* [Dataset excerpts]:
▬▬▬

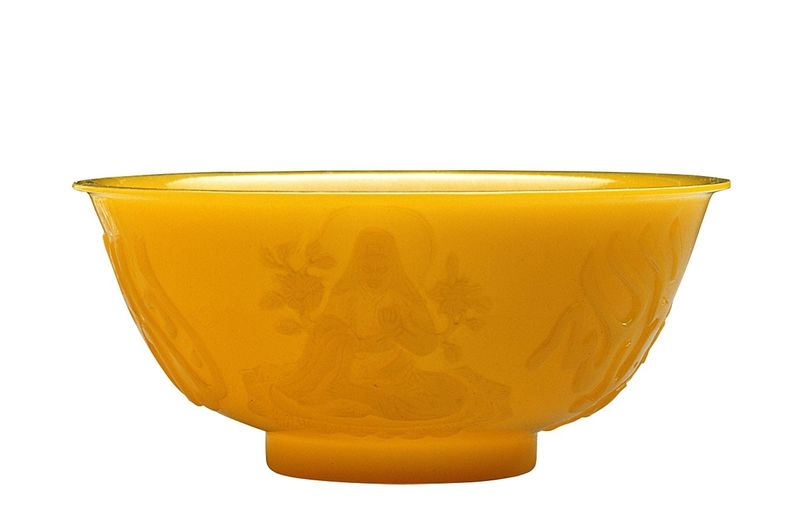
Titel: Glasschale mit buddhistischem Dekor
Standort: Hamburg
Institution: Museum für Kunst und Gewerbe Hamburg
Schlagwörter: baum, gelb, glas, trinken, schale, schüssel, strauch, essen, flamme, buddhismus, hinduismus, buddha, ch, lung, kumme, bäume, sträucher, qianlong, qian, long, jainismus, mönche, blütenzweig
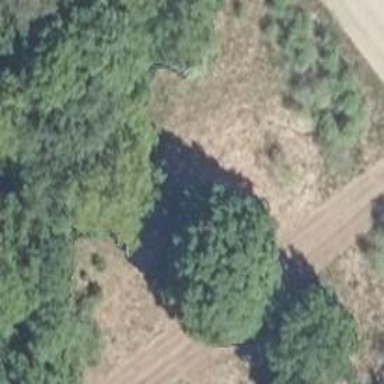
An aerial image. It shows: Deciduous tree with broadleaved leaves.
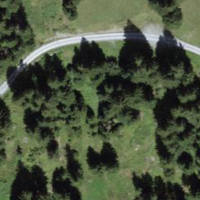
EUNIS habitat code: 44
Species observed at this site:
Petasites albus
Melilotus albus
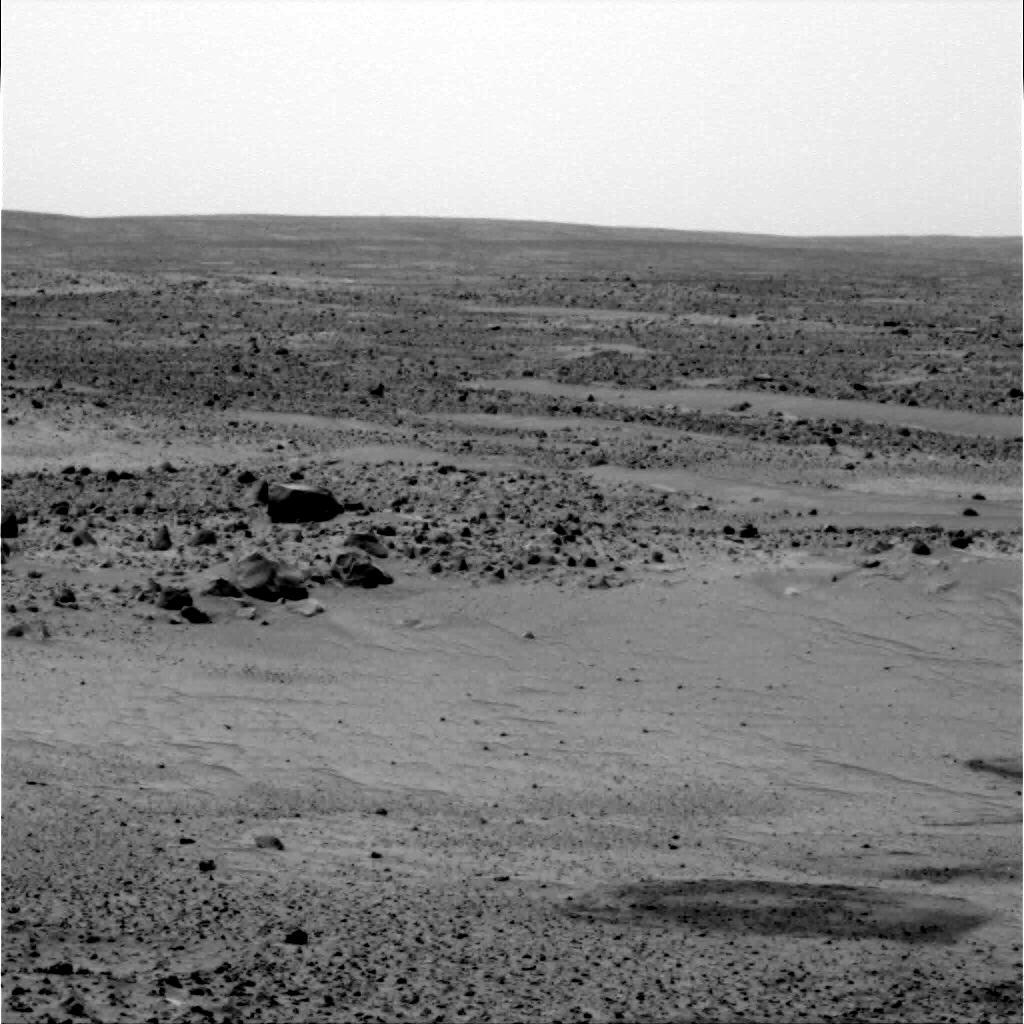
Terrain classes present: Gravel / Sand / Soil, Rock, Shadow, Sky / Distant Mountains
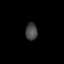
Tissue: lung
Cell type: Epithelial cells
Senescence score: 0.2378
Nuclear area (px): 200
Mean DAPI intensity: 70.64
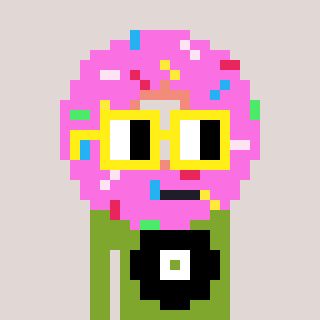
a pixel art character with square yellow glasses, a doughnut-shaped head and a slimegreen-colored body on a warm background
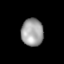
Tissue: lung
Cell type: Smooth muscle cells
Senescence score: 0.5441
Nuclear area (px): 597
Mean DAPI intensity: 160.018
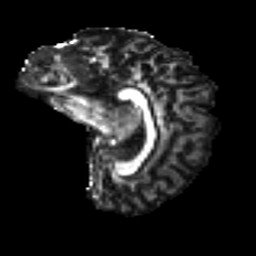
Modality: FA
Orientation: sagittal
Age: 34
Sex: female
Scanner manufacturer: ge
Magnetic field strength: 3 T
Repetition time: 7.8 s
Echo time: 0.0606 s
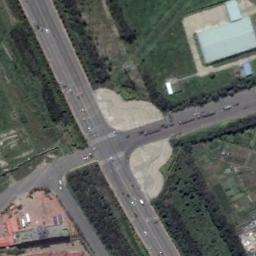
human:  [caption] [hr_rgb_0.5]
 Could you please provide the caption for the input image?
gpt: There are few cars in four directions at the intersection .

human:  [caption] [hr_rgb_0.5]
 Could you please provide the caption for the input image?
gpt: An intersection with normal traffic located in a green area with some buildings .

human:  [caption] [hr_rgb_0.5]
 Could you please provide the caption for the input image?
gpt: There are many moving and waiting vehicles on the road at the intersection  There are several buildings and many trees and a large lawn around the intersection .

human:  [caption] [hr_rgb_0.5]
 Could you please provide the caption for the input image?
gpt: There are many buildings beside the intersection .

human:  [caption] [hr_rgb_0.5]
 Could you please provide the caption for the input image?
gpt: There are green lawns around the intersection .
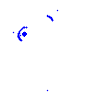
Particle: kaon

▬▬▬

* [EXERCISE DIRECTIONS]: Return exactly, with no pictures, each line from the one that contains "gpt: An intersection" through the end of the entries above, both ends included.

* [COMPLETED TASK]:
gpt: An intersection with normal traffic located in a green area with some buildings .

human:  [caption] [hr_rgb_0.5]
 Could you please provide the caption for the input image?
gpt: There are many moving and waiting vehicles on the road at the intersection  There are several buildings and many trees and a large lawn around the intersection .

human:  [caption] [hr_rgb_0.5]
 Could you please provide the caption for the input image?
gpt: There are many buildings beside the intersection .

human:  [caption] [hr_rgb_0.5]
 Could you please provide the caption for the input image?
gpt: There are green lawns around the intersection .
Particle: kaon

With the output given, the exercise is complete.